There’s nothing wrong with companies making money—somebody has to—but it does become annoying when this behavior starts to twist the meaning of things. I don’t think this is done maliciously; it just happens because there are perverse incentives to leap on tech trends. Even smart companies fall into this trap, as misusing words can draw eyes.
Those of us in the tech sector roll our eyes and continue on. For those outside our little bubble, the real meaning of the word is changed, and now we are talking about two different things. Jargon is sacrificed to the buzzword gods, and alignment is decreased. So let’s start with some level-setting about agents.
What Is an Agent?
In software, an agent is an element that acts on behalf of a user. These are a sub-pattern of the client pattern. If that sounds vague, you’re right. Software engineers like these things called Patterns. Patterns are little bits of logic that crop up repeatedly, having some general usefulness. They are abstract, can be generalized, and prevent you from reinventing the wheel. There are whole books on the topic of software patterns. Read a couple, and now you’re fun at parties. Well, very specific kinds of parties—mostly with other people who read books on software patterns.
If you need a clearer picture of an agent, I have the perfect example for you. In fact, the odds are very high that you are using this agent right now.

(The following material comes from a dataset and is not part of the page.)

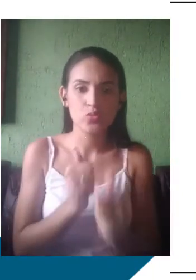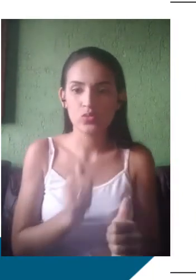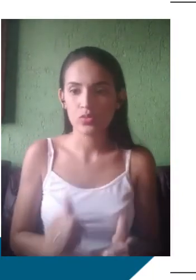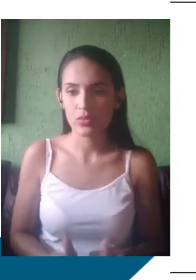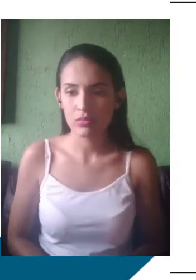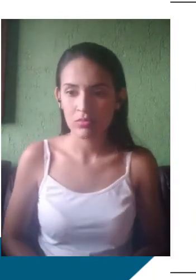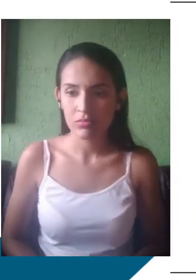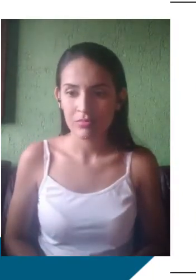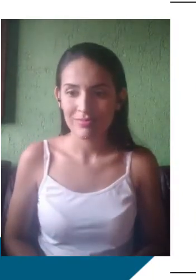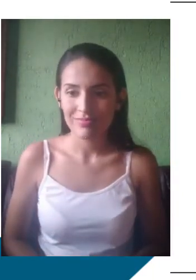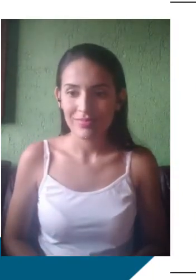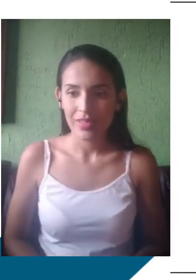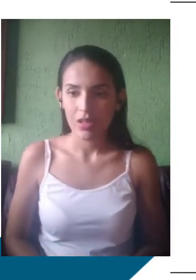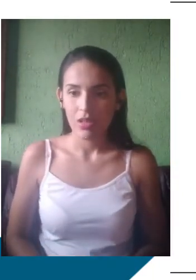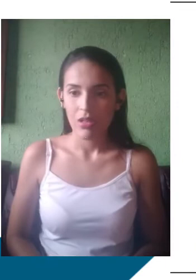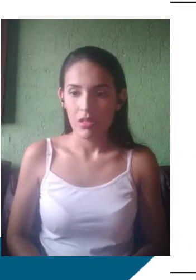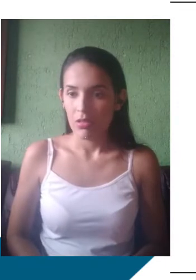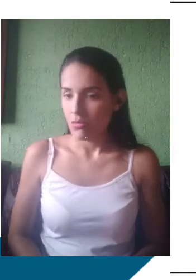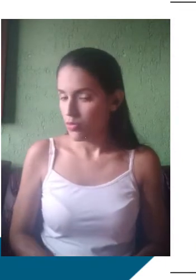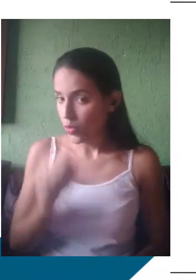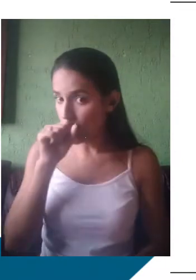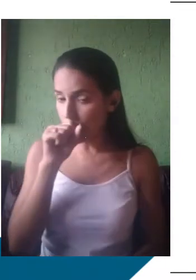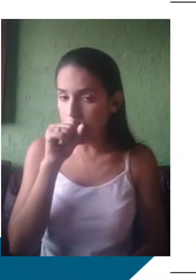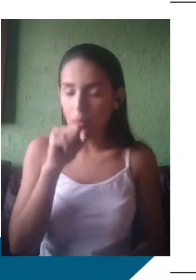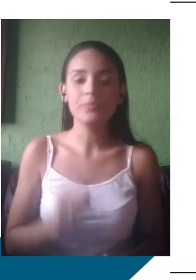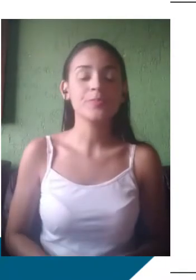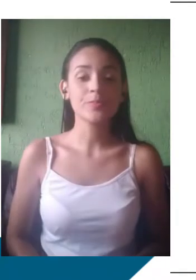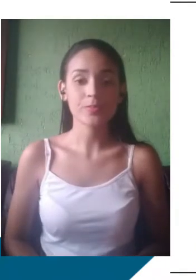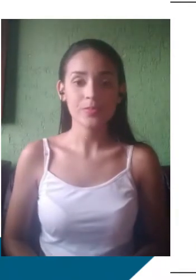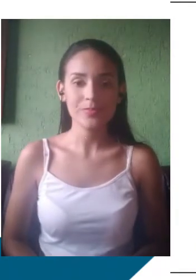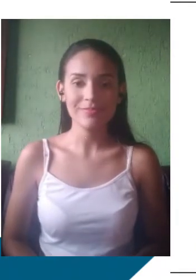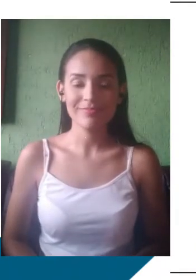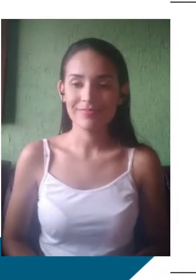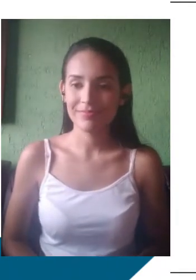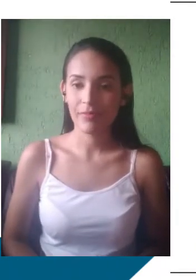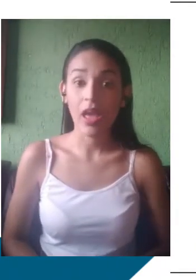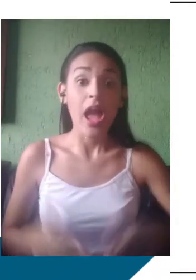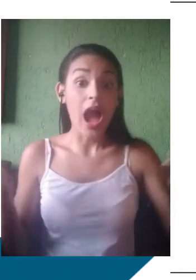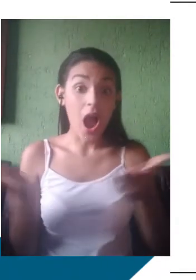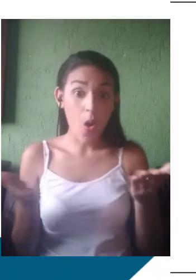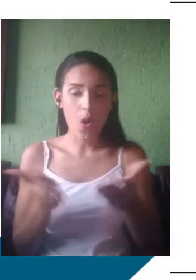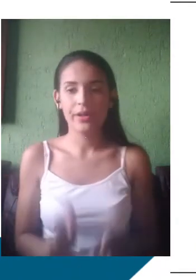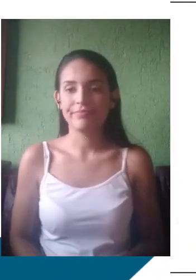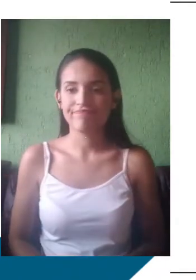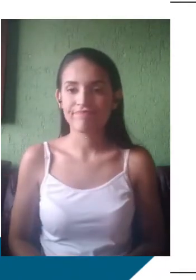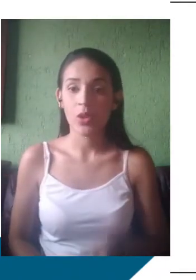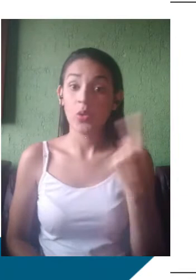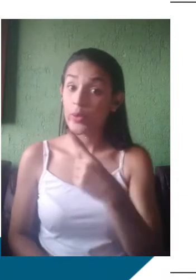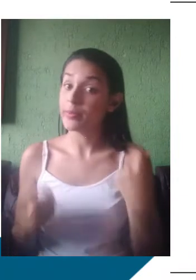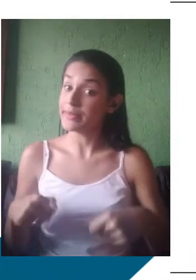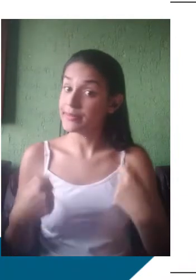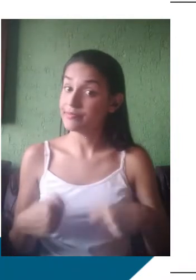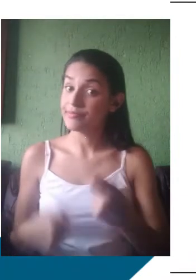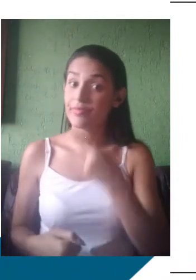vai ao jogo, ou a gente fomos ao jogo. Preconceito linguístico. Precisamos falar mais desse tipo de preconceito,

May I present: the Web Browser.
A web browser is a user agent because it acts as the intermediary between a website and a user. When you type a URL into your web browser or click on a link, the browser sends a request to the server hosting the website. To help the server respond appropriately with the correct version of the content (e.g., HTML, CSS, JavaScript) tailored for different devices, browsers send User-Agent strings. These strings contain information about the browser’s name, version, platform, operating system, and architecture, among other details.
The browser takes your intent—looking at cute cat pictures—and performs all the necessary tasks to get that cat picture on your screen at the right size and resolution, just as cute as a button.
Isn’t That What All Software Does?
Well, kinda.
Oh, you’re still interested in the difference? The key part is that it takes action on behalf of a user. Most (all?) software takes actions, but it just does the action and doesn’t care who it’s for. An agent knows who it is taking the action for and has the details about how the user wants the action to occur. This is a subtle difference, but a very key one. Let’s compare a browser to an FTP client.
Web browsers, as user agents, fetch content like cat pictures by initiating HTTP requests and providing detailed User-Agent strings to servers. This allows for optimized responses tailored to specific devices and browser versions. In contrast, FTP clients retrieve content more directly using the FTP protocol without sending user information or tailoring interactions based on server-side intelligence. Essentially, while both browsers and FTP clients are responsible for fetching content from servers, browsers do so with additional sophistication and adaptability through HTTP communication and User-Agent identification.
So Why Are People Excited About Agents?
People are excited because LLMs allow for smarter agents—agents that can do more, agents that can use semantic reasoning to figure out what you mean when you say “cute cat pictures,” a more general-purpose agent.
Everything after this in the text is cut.